Enables data contracts to be defined in .yaml for easy usability within a codebase, while allowing for the conversion of those contracts to more client-friendly for shareout, validation, and buy-in.
data-contract-generator/
├── main.go
├── models/
│ ├── data_contract_test.go
│ └── data_contract.go
├── utils/
│ ├── file_processor.go
│ ├── svg_generator_test.go
│ ├── svg_generator.go
│ ├── yaml_parser_test.go
│ └── yaml_parser.go
├── testdata/
│ └── test_contract.yaml
└── .devcontainer/
├── Dockerfile
└── devcontainer.json
-
Clone the repository:
git clone https://github.com/et-do/data-contract-generator.git cd data-contract-generator -
Open in Devcontainer (if Go is not installed locally):
- Open the project in Visual Studio Code.
- Use the "Remote - Containers" extension to open the project in a container.
-
Build the binary:
go build -o data-contract-generator main.go
-
Source your YAML files:
- Place your YAML files in any directory of your choice.
-
Run the tool:
./data-contract-generator ./directory_with_yaml_files
- This will generate SVG files in the same directory as the YAML files.
Here is an example of a YAML data contract:
name: Customer Data Contract
date: 2024-07-12
data_source: CRM System
table_name: customer_data
expected_schema:
- name: customer_id
type: STRING
- name: first_name
type: STRING
- name: last_name
type: STRING
- name: email
type: STRING
- name: phone_number
type: STRING
- name: signup_date
type: DATE
- name: last_purchase_date
type: DATE
- name: total_spent
type: FLOAT
frequency: daily
PII_sensitive: true
description: >
This data contract specifies the schema and properties for the customer data
collected from the CRM system.

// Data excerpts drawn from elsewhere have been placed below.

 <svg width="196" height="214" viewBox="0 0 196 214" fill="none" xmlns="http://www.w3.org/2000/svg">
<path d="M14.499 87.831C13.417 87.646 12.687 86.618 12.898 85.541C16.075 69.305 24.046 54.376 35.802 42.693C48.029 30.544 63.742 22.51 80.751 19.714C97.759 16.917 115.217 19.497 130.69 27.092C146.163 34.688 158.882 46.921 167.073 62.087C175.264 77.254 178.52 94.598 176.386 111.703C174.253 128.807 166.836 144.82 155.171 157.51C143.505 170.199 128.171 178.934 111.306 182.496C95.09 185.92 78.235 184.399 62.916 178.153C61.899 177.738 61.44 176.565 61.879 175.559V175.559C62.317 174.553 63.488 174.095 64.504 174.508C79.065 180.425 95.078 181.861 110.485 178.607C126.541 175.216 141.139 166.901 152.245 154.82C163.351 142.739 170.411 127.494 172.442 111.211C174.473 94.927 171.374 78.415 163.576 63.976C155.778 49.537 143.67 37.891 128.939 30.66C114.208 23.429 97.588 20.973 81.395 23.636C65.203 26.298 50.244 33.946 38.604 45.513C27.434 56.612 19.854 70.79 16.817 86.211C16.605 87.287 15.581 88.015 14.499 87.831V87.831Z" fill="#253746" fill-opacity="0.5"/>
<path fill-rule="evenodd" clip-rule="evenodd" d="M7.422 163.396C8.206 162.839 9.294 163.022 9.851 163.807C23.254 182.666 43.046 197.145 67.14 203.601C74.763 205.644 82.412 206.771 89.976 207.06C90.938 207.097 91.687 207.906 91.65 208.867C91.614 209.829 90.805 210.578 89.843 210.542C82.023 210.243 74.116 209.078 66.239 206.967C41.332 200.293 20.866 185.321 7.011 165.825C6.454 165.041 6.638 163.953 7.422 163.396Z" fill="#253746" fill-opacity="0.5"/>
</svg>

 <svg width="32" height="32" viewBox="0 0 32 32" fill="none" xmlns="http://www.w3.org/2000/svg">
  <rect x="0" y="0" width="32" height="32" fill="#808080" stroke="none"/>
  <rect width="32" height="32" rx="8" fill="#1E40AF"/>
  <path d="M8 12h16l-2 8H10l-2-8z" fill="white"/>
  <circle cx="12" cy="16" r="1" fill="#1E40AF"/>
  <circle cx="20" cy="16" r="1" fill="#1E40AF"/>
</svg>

The data includes personal identifiable
information (PII) and is updated daily.
contact_person:
name: Jane Doe
email: jane.doe@example.com
phone: "+1-555-123-4567"
data_retention_policy: 3 years
security_classification: confidential
version: 1.0This will generate an SVG file named with the content formatted for readability
This project includes a development environment configuration for Visual Studio Code with Docker.
- Setup Dev Container:
- Open the project in Visual Studio Code.
- Use the "Remote - Containers" extension to open the project in a container.
- Fork the repository.
- Create a new branch:
git checkout -b feature-branch
- Make your changes.
- Commit your changes:
git commit -m "Description of your changes" - Push to the branch:
git push origin feature-branch
- Create a Pull Request.
This project is licensed under the MIT License.